Collection entries:
::::::
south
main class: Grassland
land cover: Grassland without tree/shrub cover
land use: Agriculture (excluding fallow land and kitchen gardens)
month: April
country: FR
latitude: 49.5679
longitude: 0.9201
::::::
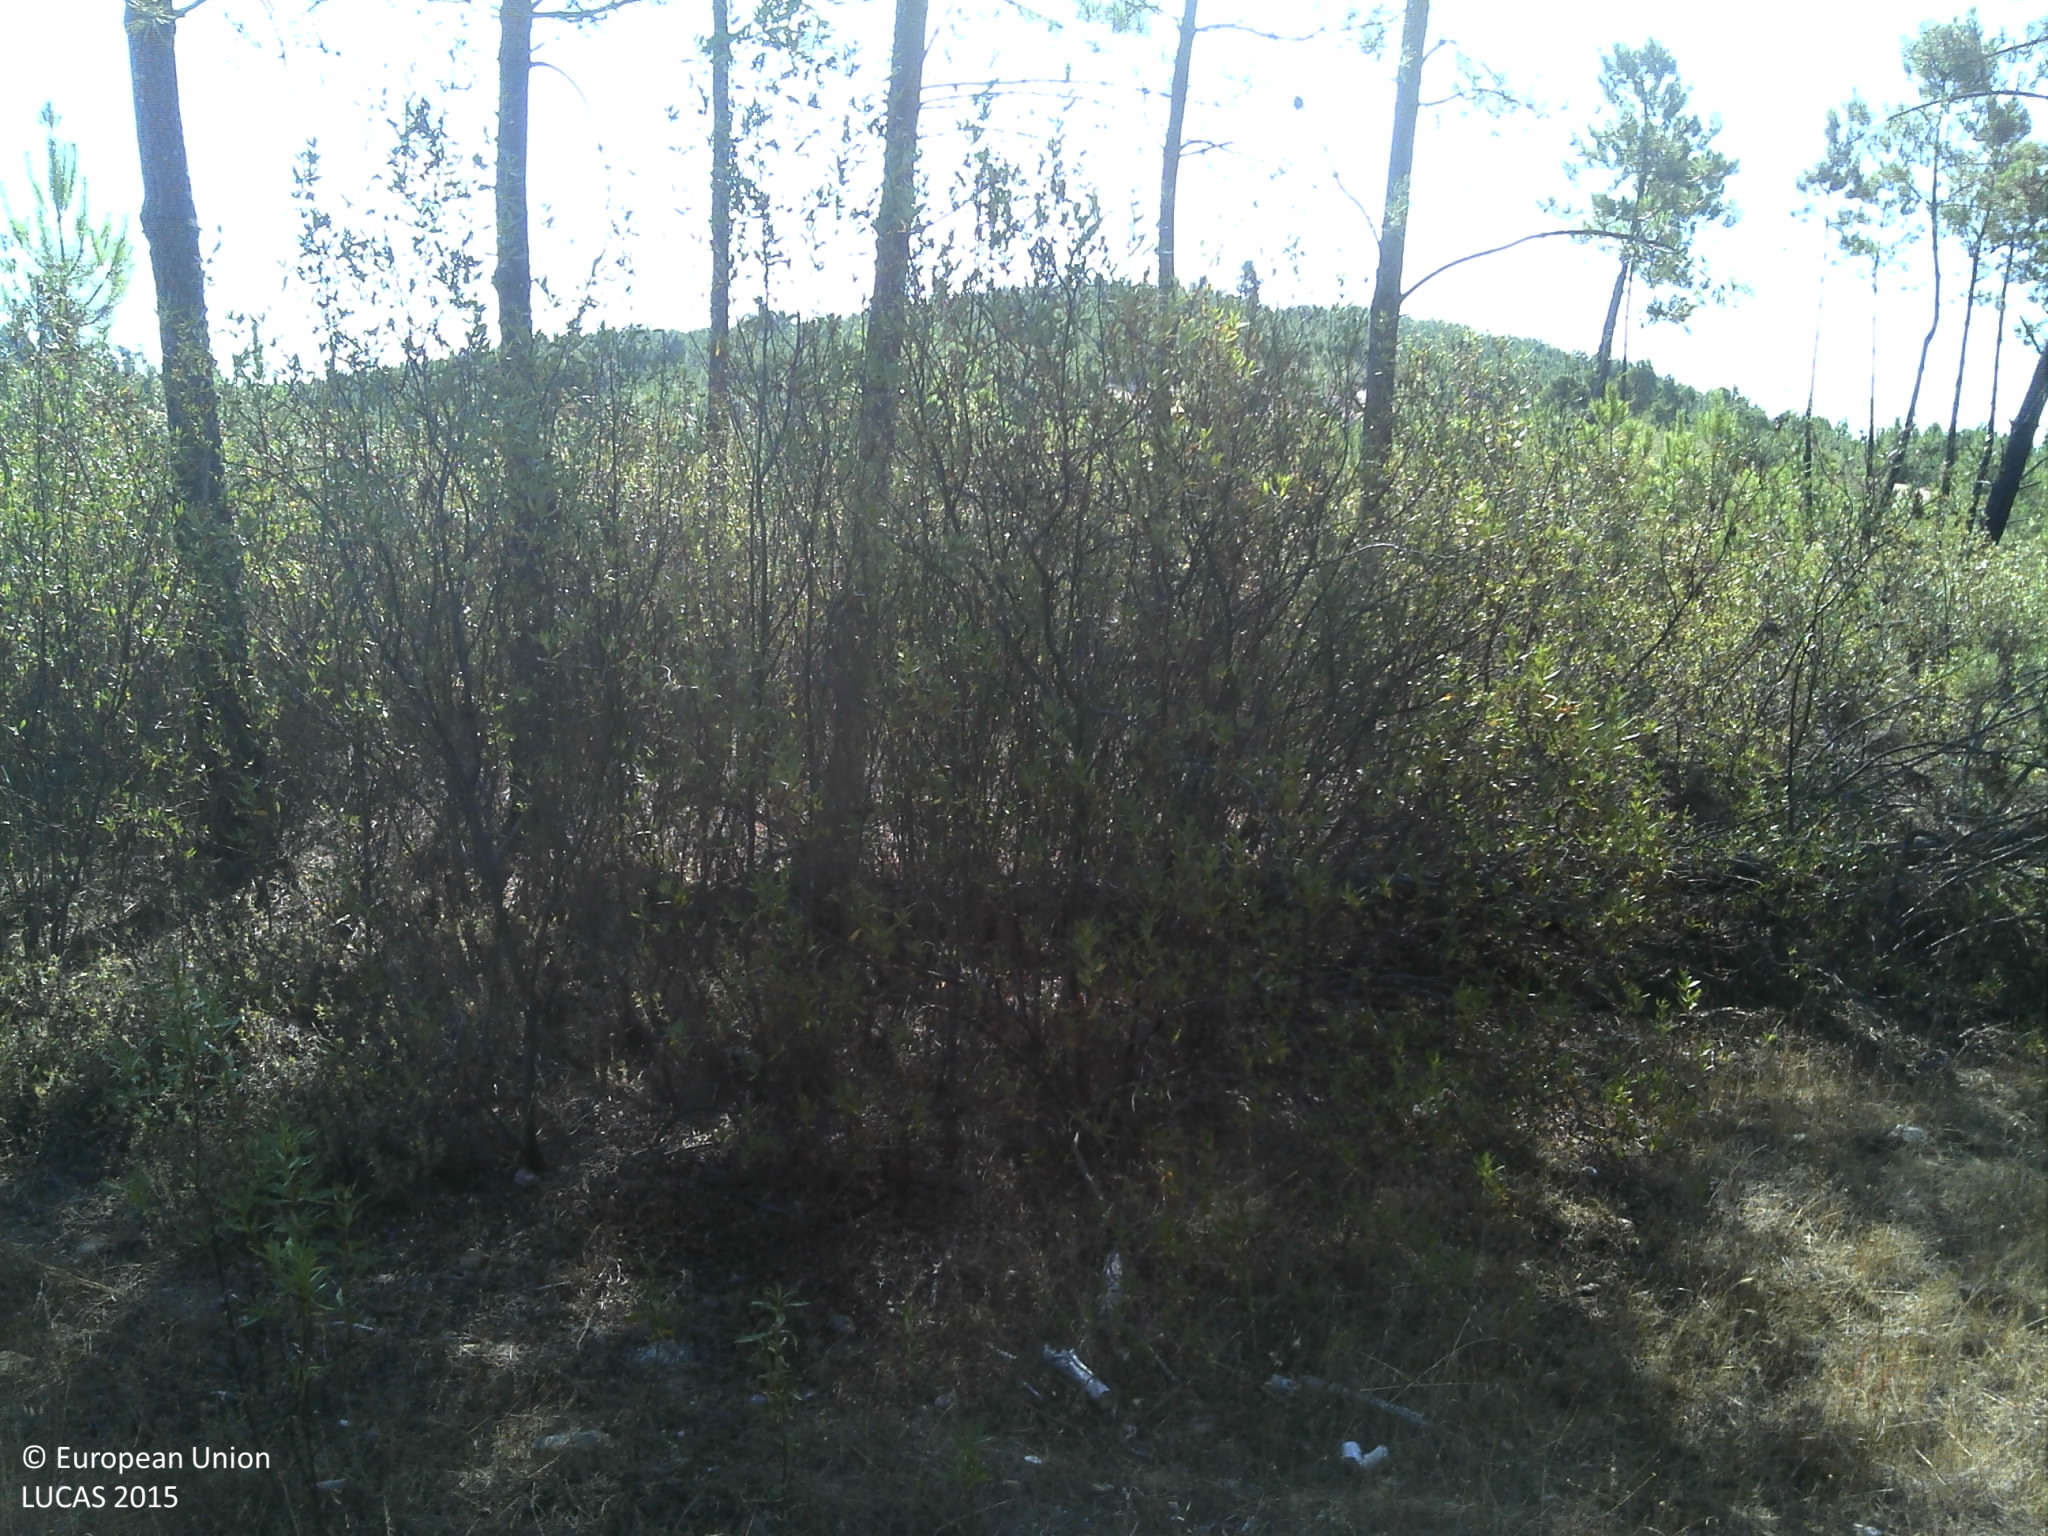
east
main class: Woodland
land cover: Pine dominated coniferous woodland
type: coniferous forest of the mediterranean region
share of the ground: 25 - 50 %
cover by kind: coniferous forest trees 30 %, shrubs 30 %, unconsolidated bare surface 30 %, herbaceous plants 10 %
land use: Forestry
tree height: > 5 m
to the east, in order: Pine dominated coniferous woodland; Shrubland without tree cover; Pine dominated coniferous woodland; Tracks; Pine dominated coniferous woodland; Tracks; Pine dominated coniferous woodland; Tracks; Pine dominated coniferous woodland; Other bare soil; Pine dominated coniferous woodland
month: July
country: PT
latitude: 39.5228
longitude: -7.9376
::::::
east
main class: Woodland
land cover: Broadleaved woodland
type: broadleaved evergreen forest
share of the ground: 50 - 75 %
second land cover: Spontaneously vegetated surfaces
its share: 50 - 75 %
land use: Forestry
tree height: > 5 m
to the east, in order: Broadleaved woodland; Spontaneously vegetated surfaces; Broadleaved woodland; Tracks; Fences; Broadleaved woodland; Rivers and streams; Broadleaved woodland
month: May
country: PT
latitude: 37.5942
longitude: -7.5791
::::::
-- Work instructions --
In the entries above, which lines hold the string "order"? Report all of them.

-- Response to this exercise --
to the east, in order: Pine dominated coniferous woodland; Shrubland without tree cover; Pine dominated coniferous woodland; Tracks; Pine dominated coniferous woodland; Tracks; Pine dominated coniferous woodland; Tracks; Pine dominated coniferous woodland; Other bare soil; Pine dominated coniferous woodland
to the east, in order: Broadleaved woodland; Spontaneously vegetated surfaces; Broadleaved woodland; Tracks; Fences; Broadleaved woodland; Rivers and streams; Broadleaved woodland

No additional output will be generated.